I thought this seemed right, but, when I started looking at changing the code, I was less sure. If the check I pointed to:
moved before the preceding block beginning with if test "${enable_mach}" != "", I think the result would be the same, because the preceding case "$MACH_HOST_CPU" statement sets MACH="" for powerpc64*, and the value from --enable-mach=tpb64l won't have been consulted yet.
Tangentially, I think:
powerpc64*)
MACH=""
pb_machine_name="${thread_prefix}pb64b"
# MACH="${thread_prefix}ppc64${MACH_OS}"
;;
is wrong. POWER8 and POWER9 chips can be run in either big-endian or little-endian mode: config.sub normalizes them as e.g. powerpc64-unknown-linux-gnu and powerpc64le-unknown-linux-gnu. IIUC, this is set in the firmware or something: a given operating system runs in big-endian or little-endian mode, not both, so Debian has ports for both ppc64 (big-endian) and ppc64el (little-endian). (Guix only supports little-endian mode.)

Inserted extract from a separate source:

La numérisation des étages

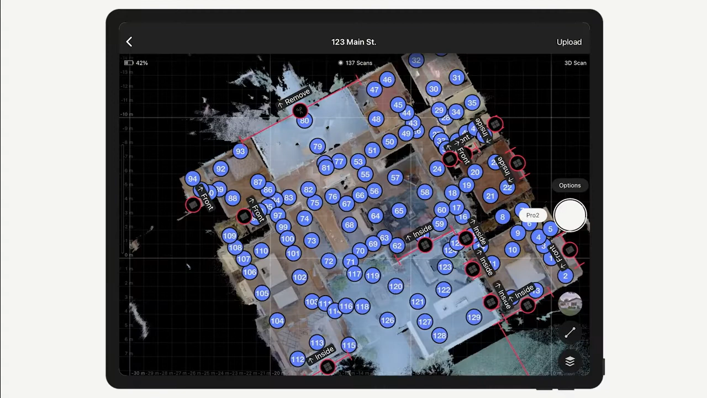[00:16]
Quand vous numérisez plusieurs étages, vous devez spécifier à quel étage vous vous trouvez dans l'application Capture.
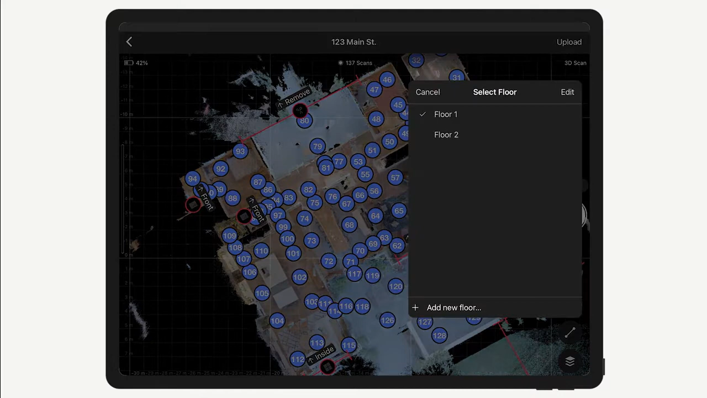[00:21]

More generally, I think it would be better to use the standard Autoconf macros AC_C_BIGENDIAN and AC_CHECK_SIZEOF rather than having to explicitly recognize architecture and os names.
As I looked around more, it seems there's a related assumption in this block slightly later in the file:
if test "${enable_racket}" != "" ; then
if test "${enable_racket}" != "auto" ; then
SETUP_BOOT_MODE=--chain
fi
# In non-cross mode, we interpret `--enable-racket` to supply a
# Racket used only for generating Chez Scheme boot files
if test "${CROSS_MODE}" = "cross" ; then
RACKET="${enable_racket}"
elif test "${enable_racket}" != "auto" ; then
BOOTFILE_RACKET="${enable_racket}"
fi
fi
Until now, Guix has been configureing our racket-vm-cs package with both --enable-racket and --enable-scheme. The intention was that the provided scheme would be used to generate the bootfiles and racket (CS when cross-compiling, 3M otherwise) would be used for other purposes: in particular, because Guix policy takes an especially firm stance on bootstrapping, we want to be able to schemify the regexp, io, and thread layers. However, it seems we were not actually doing that yet, so, as I workaround, I tried not providing --enable-racket for non-cross builds: it didn't break existing builds, and I've asked Thiago to try it on hardware.
For a different approach, could we just delete this block?
If I'm following correctly, it seems like it's meant to handle a "cross" build for the current system, but for a pb or pbarch machine type: is there another way to handle that case?